TO DO: The result should consist solely of the line containing "122 387.8 129.8" and the lines that follow it below, each reproduced exactly, the last line included.

(DATA FOR THIS TASK begins)

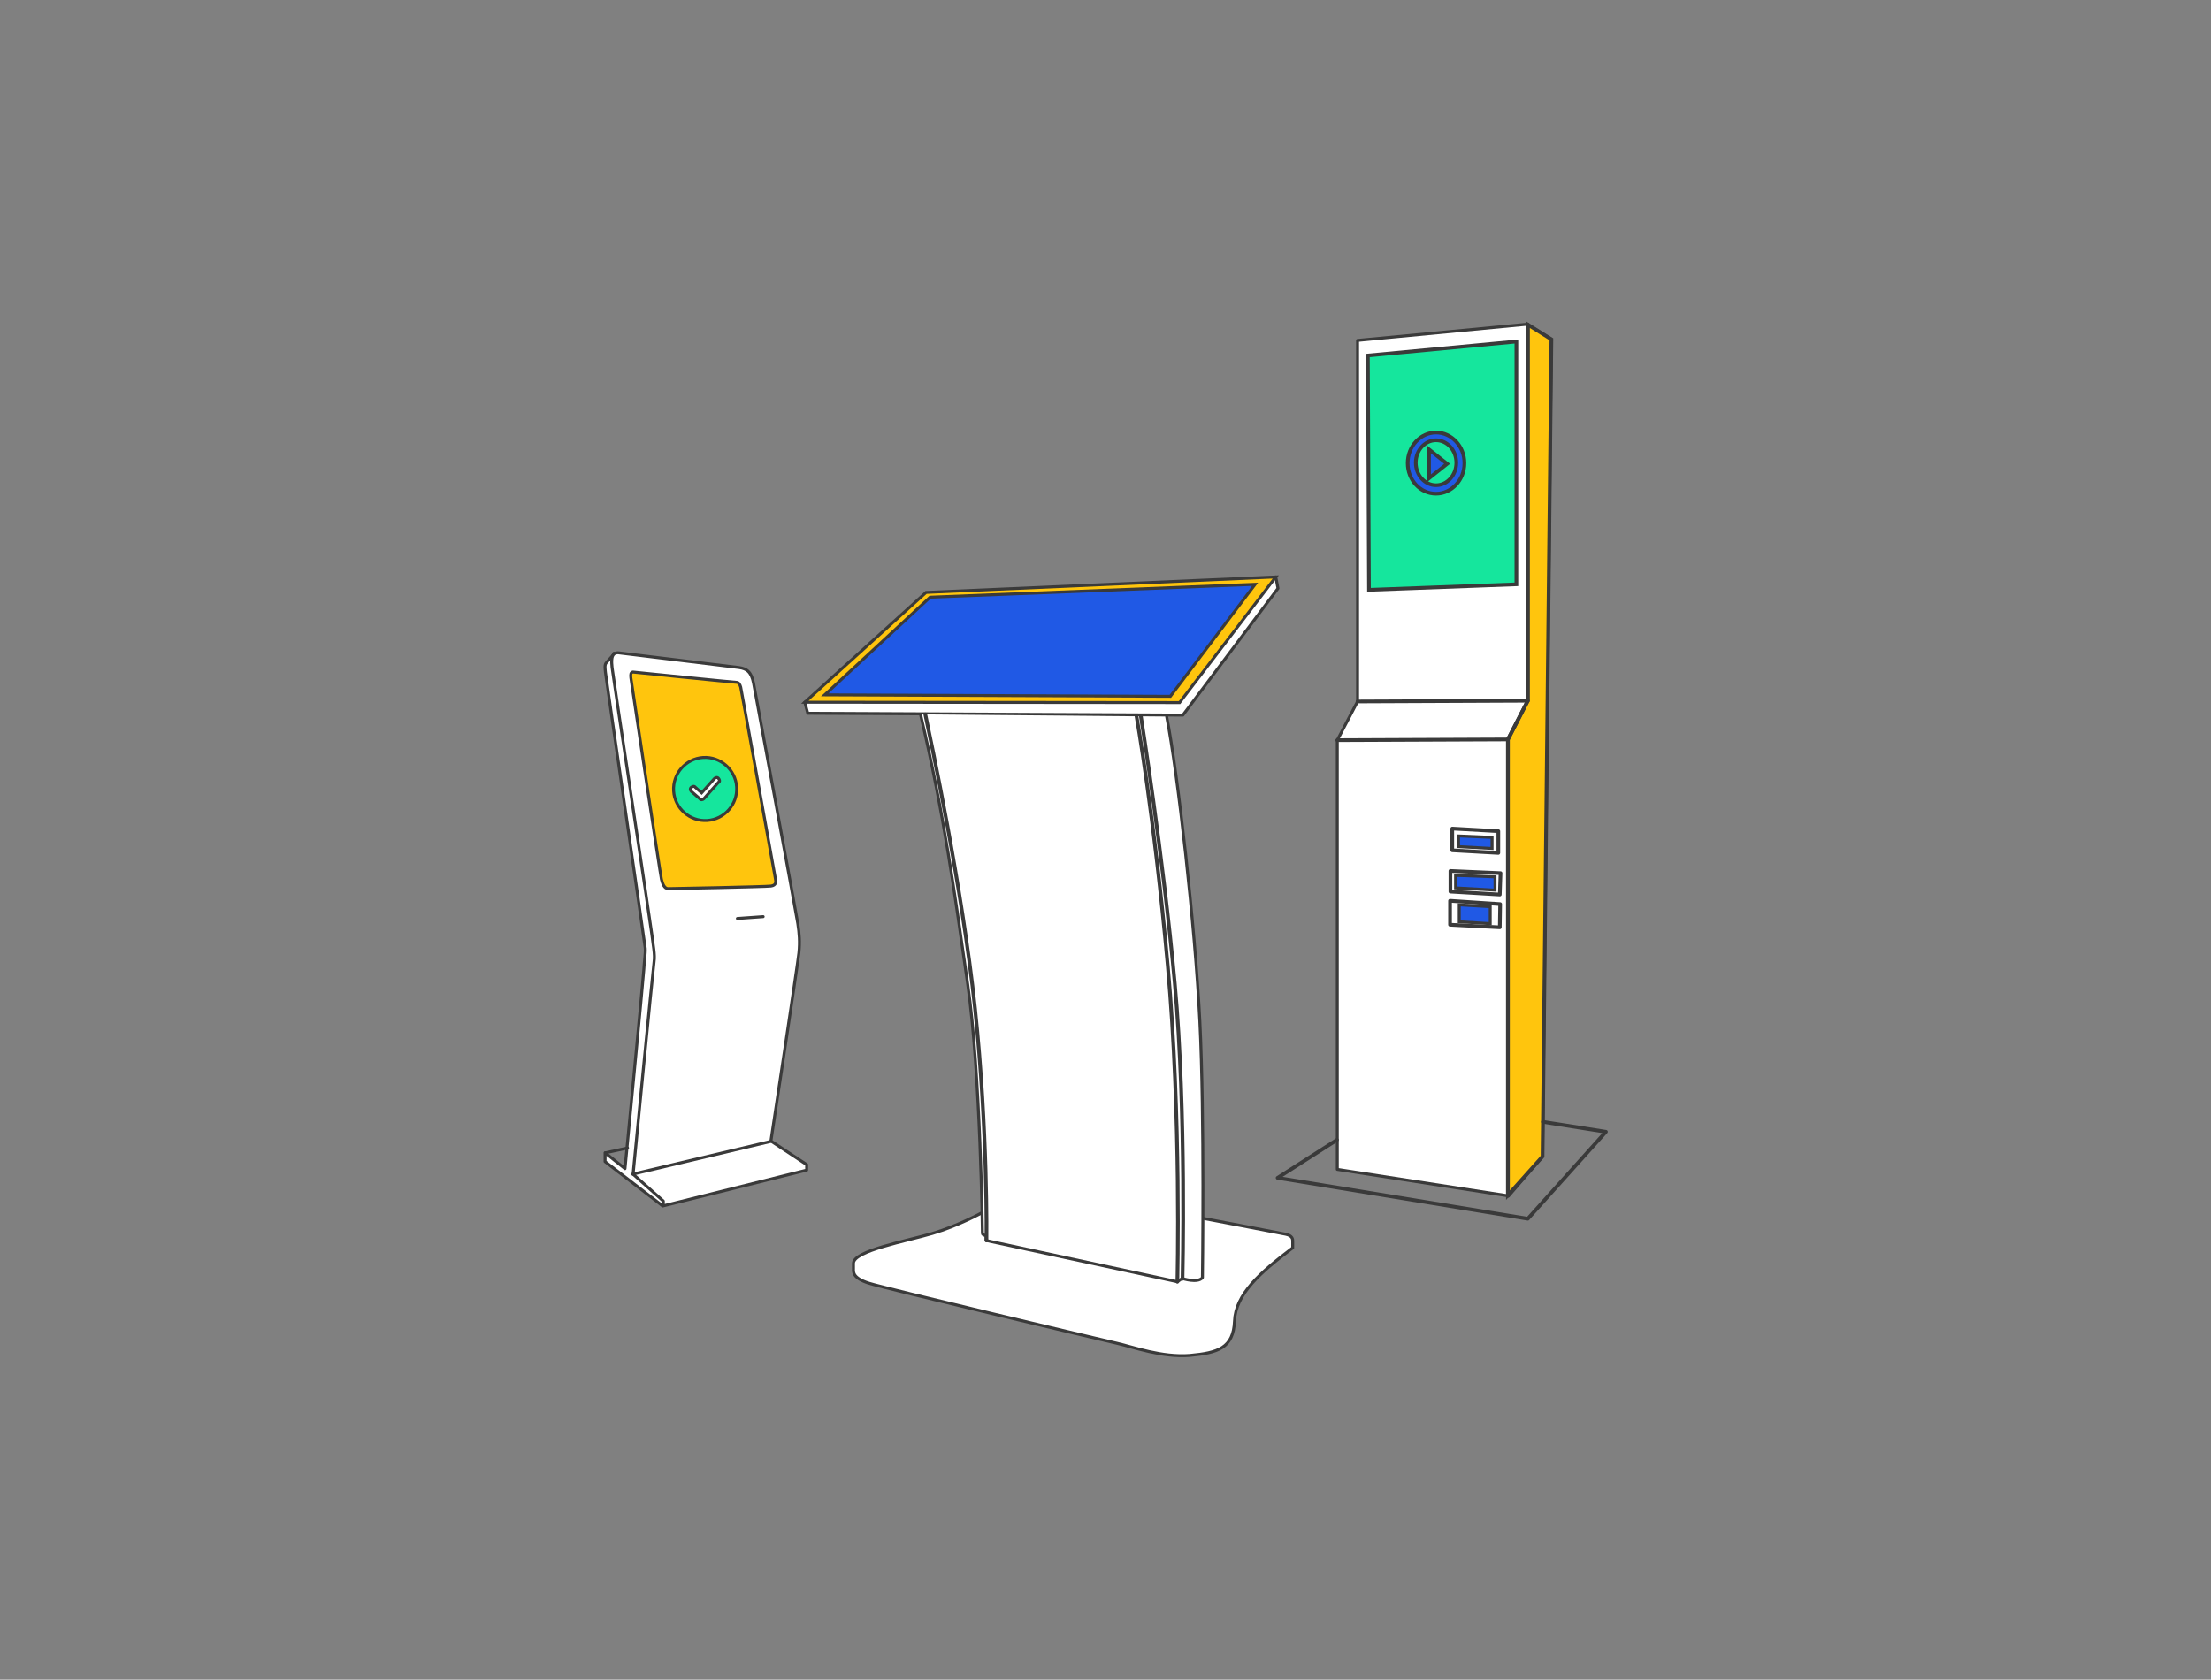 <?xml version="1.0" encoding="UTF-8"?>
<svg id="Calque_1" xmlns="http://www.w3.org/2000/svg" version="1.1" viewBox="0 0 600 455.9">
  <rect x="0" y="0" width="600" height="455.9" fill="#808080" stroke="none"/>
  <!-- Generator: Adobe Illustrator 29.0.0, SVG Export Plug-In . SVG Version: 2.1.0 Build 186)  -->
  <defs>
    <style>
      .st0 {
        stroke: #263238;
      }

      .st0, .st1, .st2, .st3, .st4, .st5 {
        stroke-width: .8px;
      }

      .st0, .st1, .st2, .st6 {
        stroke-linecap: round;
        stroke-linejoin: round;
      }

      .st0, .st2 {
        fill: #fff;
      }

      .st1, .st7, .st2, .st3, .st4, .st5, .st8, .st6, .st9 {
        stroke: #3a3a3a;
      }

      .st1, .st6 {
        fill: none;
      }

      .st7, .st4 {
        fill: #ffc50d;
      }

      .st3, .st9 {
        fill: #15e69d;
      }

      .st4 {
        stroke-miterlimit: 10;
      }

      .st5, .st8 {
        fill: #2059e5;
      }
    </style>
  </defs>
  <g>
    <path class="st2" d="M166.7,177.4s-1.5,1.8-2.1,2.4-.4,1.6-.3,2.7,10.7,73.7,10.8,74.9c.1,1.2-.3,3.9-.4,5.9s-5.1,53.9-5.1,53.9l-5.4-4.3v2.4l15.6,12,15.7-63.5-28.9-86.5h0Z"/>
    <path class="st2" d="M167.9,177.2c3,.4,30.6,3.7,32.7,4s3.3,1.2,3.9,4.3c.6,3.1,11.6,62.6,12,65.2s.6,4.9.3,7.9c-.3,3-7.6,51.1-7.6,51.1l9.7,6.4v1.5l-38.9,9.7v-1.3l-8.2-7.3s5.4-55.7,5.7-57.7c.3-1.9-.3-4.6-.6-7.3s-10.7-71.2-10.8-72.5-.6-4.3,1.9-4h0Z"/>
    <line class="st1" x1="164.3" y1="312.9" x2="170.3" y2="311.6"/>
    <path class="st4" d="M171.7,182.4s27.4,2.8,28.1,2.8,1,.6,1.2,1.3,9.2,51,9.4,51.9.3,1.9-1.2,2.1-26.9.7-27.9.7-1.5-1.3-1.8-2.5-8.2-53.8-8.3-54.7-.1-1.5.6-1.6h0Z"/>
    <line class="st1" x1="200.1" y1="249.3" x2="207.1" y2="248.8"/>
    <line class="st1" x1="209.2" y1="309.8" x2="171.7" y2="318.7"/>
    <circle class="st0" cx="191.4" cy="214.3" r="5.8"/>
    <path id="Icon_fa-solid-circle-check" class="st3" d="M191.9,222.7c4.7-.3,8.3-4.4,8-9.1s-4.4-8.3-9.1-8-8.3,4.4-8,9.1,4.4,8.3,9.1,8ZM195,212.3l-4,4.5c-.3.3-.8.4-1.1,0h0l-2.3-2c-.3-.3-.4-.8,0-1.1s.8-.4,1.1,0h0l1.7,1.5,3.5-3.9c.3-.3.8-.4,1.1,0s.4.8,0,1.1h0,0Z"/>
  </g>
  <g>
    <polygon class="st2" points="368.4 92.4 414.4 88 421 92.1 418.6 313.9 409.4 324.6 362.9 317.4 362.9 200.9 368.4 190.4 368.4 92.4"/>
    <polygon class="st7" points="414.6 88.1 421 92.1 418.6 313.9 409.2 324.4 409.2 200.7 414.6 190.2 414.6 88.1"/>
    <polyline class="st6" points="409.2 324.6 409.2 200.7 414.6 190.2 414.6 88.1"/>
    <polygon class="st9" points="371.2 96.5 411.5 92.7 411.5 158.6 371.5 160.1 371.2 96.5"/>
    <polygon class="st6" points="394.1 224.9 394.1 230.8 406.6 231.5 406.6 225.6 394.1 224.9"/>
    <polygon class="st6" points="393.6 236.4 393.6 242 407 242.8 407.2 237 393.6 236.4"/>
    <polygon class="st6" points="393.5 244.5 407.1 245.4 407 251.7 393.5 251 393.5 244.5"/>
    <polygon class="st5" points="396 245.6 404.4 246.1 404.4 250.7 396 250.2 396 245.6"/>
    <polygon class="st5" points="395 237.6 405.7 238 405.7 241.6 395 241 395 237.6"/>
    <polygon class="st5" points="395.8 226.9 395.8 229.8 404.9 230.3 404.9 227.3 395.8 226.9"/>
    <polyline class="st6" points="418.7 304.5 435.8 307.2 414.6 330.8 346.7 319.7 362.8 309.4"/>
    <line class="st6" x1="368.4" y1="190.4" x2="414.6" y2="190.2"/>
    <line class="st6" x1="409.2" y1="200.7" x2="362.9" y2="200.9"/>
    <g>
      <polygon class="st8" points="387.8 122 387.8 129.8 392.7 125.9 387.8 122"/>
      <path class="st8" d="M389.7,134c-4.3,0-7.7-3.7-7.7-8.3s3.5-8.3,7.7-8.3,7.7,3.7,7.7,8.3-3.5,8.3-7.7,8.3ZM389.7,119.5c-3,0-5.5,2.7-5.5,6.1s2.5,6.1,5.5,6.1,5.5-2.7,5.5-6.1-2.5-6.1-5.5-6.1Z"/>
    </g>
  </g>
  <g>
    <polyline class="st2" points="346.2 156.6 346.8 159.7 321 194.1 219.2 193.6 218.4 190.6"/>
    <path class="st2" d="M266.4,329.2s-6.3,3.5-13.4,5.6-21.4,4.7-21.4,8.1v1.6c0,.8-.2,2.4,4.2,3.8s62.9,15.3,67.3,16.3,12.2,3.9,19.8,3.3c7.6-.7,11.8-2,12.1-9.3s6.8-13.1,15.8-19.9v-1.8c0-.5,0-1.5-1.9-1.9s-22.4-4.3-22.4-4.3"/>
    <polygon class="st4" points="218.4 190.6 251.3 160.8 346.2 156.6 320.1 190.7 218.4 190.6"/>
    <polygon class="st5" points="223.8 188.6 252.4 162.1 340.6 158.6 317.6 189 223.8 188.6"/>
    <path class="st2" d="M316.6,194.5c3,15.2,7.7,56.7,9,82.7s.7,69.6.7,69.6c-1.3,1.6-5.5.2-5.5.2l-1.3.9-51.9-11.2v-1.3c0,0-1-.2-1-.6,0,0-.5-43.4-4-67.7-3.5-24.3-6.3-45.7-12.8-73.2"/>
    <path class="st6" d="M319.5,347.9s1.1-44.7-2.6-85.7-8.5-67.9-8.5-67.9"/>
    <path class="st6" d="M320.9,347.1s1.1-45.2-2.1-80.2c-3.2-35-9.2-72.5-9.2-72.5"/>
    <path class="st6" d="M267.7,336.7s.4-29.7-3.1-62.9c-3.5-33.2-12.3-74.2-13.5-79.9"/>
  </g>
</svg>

(DATA FOR THIS TASK ends)

COMPLETED TASK:
      <polygon class="st8" points="387.8 122 387.8 129.8 392.7 125.9 387.8 122"/>
      <path class="st8" d="M389.7,134c-4.3,0-7.7-3.7-7.7-8.3s3.5-8.3,7.7-8.3,7.7,3.7,7.7,8.3-3.5,8.3-7.7,8.3ZM389.7,119.5c-3,0-5.5,2.7-5.5,6.1s2.5,6.1,5.5,6.1,5.5-2.7,5.5-6.1-2.5-6.1-5.5-6.1Z"/>
    </g>
  </g>
  <g>
    <polyline class="st2" points="346.2 156.6 346.8 159.7 321 194.1 219.2 193.6 218.4 190.6"/>
    <path class="st2" d="M266.4,329.2s-6.3,3.5-13.4,5.6-21.4,4.7-21.4,8.1v1.6c0,.8-.2,2.4,4.2,3.8s62.9,15.3,67.3,16.3,12.2,3.9,19.8,3.3c7.6-.7,11.8-2,12.1-9.3s6.8-13.1,15.8-19.9v-1.8c0-.5,0-1.5-1.9-1.9s-22.4-4.3-22.4-4.3"/>
    <polygon class="st4" points="218.4 190.6 251.3 160.8 346.2 156.6 320.1 190.7 218.4 190.6"/>
    <polygon class="st5" points="223.8 188.6 252.4 162.1 340.6 158.6 317.6 189 223.8 188.6"/>
    <path class="st2" d="M316.6,194.5c3,15.2,7.7,56.7,9,82.7s.7,69.6.7,69.6c-1.3,1.6-5.5.2-5.5.2l-1.3.9-51.9-11.2v-1.3c0,0-1-.2-1-.6,0,0-.5-43.4-4-67.7-3.5-24.3-6.3-45.7-12.8-73.2"/>
    <path class="st6" d="M319.5,347.9s1.1-44.7-2.6-85.7-8.5-67.9-8.5-67.9"/>
    <path class="st6" d="M320.9,347.1s1.1-45.2-2.1-80.2c-3.2-35-9.2-72.5-9.2-72.5"/>
    <path class="st6" d="M267.7,336.7s.4-29.7-3.1-62.9c-3.5-33.2-12.3-74.2-13.5-79.9"/>
  </g>
</svg>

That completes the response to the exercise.